Gênesis revisitada

T. H. Abrahão

1. No princípio criou o homem a mentira e a realidade.

2. A realidade era sem forma e vazia; e havia trevas sobre a face do abismo, mas o desespero do homem pairava sobre a face da mentira.

3. Disse o homem: haja sentido. Mas não houve sentido algum.

4. Viu o homem que o sentido era uma farsa; e fez separação entre o sentido e o nada.

5. E o homem chamou o sentido dia, e o nada noite. E foi a tarde e a manhã, o dia primeiro.

6. E disse o homem: haja um firmamento no meio das mentiras, e haja separação entre mentiras e mentiras.

7. Fez, pois, o homem o firmamento, e separou as mentiras que estavam debaixo do firmamento das que estavam por cima do firmamento. E assim foi.

8. Chamou o homem ao firmamento ilusão. E foi a tarde e a manhã, o dia segundo.

9. E disse o homem: ajuntem-se num só lugar as mentiras que estão debaixo do céu, e apareça o elemento seco. E assim foi.

10. Chamou o homem ao elemento seco utopia, e ao ajuntamento das mentiras futuro. E viu o homem que isso era deveras incisivo.

11. E disse o homem: produza a ilusão relva, ervas que deem semente, e árvores frutíferas que, segundo as suas espécies, deem lapsos que tenham em si a sua semente, sobre a imperfeição. E assim foi.

12. A ilusão, pois, produziu relva, ervas que davam semente segundo as suas espécies, e árvores que davam fruto que tinha em si a sua angústia, segundo as suas espécies. E viu o homem que isso era o que podia fazer segundo suas limitações.

13. E foi a tarde e a manhã, o dia terceiro.

14. E disse o homem: haja conclusões no firmamento da realidade, para fazerem separação entre o real e o irreal; sejam eles para devaneios e para a estupidez, e para todos e ninguém;

15. E sirvam de conclusões no firmamento da realidade, para esclarecer a terra. E assim foi.

16. O homem, pois, fez as duas grandes conclusões: a conclusão maior para condenar a verdade, e a conclusão menor para governar a farsa; fez também os erros.

17. E o homem os pôs no firmamento da realidade para escurecer a terra,

18. Para governar a mentira e a verdade, e para fazer separação entre o ruim e o pior. E viu o homem que isso era natural demais.
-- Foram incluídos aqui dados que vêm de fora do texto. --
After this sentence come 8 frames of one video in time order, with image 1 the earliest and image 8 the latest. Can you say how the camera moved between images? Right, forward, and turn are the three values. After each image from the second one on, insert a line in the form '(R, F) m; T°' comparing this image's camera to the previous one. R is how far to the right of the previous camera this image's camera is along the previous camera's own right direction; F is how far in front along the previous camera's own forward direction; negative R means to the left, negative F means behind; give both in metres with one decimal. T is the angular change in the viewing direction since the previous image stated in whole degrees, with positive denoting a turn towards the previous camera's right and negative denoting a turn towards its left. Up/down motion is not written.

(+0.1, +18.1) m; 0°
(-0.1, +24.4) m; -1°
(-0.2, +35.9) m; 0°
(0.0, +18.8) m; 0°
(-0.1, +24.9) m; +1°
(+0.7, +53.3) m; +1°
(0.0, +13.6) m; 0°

19. E foi a tarde e a manhã, o dia quarto.

20. E disse o homem: produzam as certezas variedades de amanhã; e voem os sonhos acima da sensatez no firmamento do céu.

21. Criou, pois, o homem a resignação tardia, e todos os seres viventes que se arrastavam por misericórdia, e toda incerteza que voava em piedade, segundo a sua espécie. E viu o homem que isso era indiferente.
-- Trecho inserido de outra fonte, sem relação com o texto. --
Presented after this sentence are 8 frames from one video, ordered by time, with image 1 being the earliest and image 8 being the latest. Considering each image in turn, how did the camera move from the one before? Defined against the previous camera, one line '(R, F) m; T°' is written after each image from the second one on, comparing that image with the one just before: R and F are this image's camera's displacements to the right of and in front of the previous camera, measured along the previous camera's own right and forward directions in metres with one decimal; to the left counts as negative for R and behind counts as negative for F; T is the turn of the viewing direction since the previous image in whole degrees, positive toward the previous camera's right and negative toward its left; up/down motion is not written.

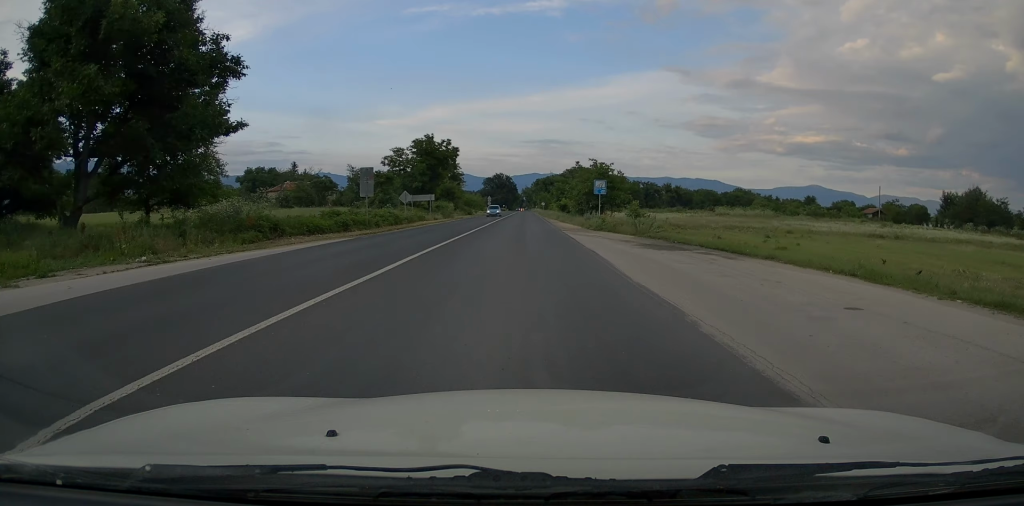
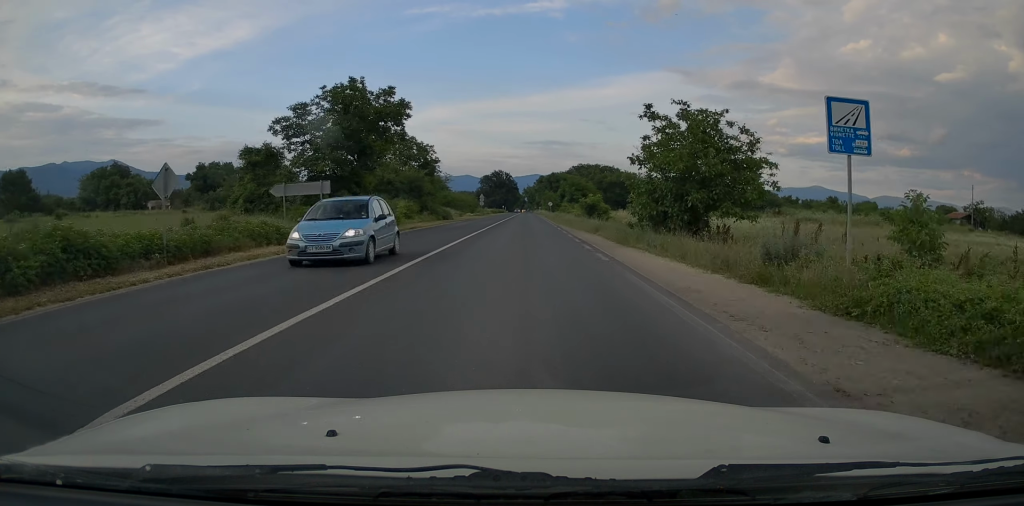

22. Então o homem os abençoou, dizendo: multiplicai e condenai-vos, e enchei as palavras de contradições; e multipliquem-se as incertezas sobre a terra.

23. E foi a tarde e a manhã, o dia quinto.

24. E disse o homem: produza a terra terrores temíveis segundo as suas espécies: hipocrisia, arrogância e possibilidades selvagens de contradição segundo as suas espécies. E assim foi.

25. O homem, pois, criou as verdades selvagens segundo as suas espécies, e as verdades domésticas segundo as suas espécies, e todas as possíveis imperfeições da realidade segundo as suas espécies. E viu o homem que isso era inútil.

26. E disse o homem: façamos deus à nossa imagem, conforme a nossa semelhança; domine ele sobre o absurdo da realidade, sobre o presente desesperado de cada dia, sobre as misérias possíveis, e sobre toda a mentira, e sobre todo erro que se arrasta sobre a certeza.

27. Criou, pois, o homem o disfarce à sua imagem; à imagem das máscaras que o ocultam; dúvida e certeza as criou.

28. Então o homem as abençoou e disse a elas: frutificai e multiplicai-vos; enchei a terra até que apodreça; dominai sobre as depressões e neuroses, sobre as paranoias da realidade e sobre todos os desejos que se arrastam sobre a terra.

29. Disse-lhes mais: eis que vos tenho dado todas as ervas que produzem torpor, as quais se acham sobre a face de toda a terra, bem como todos os fármacos em que haja tranquilidade; ser-vos-ão para necessidade.

30. E a todos os descuidos da terra, a todas as mediocridades das ideias e a todo ser vivente que se arrasta sobre a piedade do solo pobre, tenho dado todas as ervas verdes como subterfúgio de um mundo apodrecido. E assim foi.

31. E viu o homem tudo quanto criara, e eis que era aquilo de que era capaz. E foi a tarde e a manhã, o dia sexto.